(Data items)
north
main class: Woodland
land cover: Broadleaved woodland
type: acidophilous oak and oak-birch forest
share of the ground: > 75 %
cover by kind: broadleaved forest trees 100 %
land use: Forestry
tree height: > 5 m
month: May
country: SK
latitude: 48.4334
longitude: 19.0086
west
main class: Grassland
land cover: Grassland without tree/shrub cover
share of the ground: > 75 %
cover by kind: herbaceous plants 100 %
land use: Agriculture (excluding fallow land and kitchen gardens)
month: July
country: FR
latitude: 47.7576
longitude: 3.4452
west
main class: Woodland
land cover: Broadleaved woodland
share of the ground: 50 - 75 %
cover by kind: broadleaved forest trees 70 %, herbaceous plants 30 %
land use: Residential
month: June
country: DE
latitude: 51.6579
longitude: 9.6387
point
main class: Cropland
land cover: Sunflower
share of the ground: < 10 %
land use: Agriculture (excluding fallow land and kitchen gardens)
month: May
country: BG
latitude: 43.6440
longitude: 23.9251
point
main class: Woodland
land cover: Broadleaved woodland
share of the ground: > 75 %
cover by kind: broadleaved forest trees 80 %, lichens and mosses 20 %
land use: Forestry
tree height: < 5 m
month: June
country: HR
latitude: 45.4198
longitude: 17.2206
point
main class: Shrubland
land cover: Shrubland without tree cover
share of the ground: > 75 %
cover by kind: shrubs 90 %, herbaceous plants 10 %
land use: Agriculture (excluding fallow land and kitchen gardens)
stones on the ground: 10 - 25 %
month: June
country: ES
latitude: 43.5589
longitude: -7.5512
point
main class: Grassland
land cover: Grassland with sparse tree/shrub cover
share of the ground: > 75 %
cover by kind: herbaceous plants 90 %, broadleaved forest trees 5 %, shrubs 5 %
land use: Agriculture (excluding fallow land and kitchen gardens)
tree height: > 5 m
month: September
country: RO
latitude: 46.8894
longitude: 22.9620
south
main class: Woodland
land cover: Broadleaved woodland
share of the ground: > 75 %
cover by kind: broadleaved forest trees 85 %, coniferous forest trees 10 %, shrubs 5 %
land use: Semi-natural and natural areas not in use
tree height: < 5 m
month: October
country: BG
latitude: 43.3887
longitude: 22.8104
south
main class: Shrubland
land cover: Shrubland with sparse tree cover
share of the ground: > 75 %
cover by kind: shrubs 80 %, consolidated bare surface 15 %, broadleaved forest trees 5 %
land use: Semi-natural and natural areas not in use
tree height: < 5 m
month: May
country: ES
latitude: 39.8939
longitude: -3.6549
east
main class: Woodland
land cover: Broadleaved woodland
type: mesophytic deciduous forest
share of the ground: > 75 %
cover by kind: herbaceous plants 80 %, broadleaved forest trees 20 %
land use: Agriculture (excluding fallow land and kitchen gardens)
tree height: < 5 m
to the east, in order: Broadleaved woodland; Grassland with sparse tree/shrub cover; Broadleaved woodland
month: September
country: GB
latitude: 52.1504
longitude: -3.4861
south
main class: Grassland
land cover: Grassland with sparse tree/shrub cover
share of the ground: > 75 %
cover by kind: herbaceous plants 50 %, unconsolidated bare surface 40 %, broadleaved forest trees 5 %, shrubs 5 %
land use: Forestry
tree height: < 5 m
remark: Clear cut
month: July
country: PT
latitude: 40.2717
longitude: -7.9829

◆ WHAT TO PRODUCE
Of all the entries above, output exactly the lines between the one holding "land cover: Shrubland with sparse tree cover" and the one holding "type: mesophytic deciduous forest", inclusive.

◆ OUTPUT OF THE TASK
land cover: Shrubland with sparse tree cover
share of the ground: > 75 %
cover by kind: shrubs 80 %, consolidated bare surface 15 %, broadleaved forest trees 5 %
land use: Semi-natural and natural areas not in use
tree height: < 5 m
month: May
country: ES
latitude: 39.8939
longitude: -3.6549
east
main class: Woodland
land cover: Broadleaved woodland
type: mesophytic deciduous forest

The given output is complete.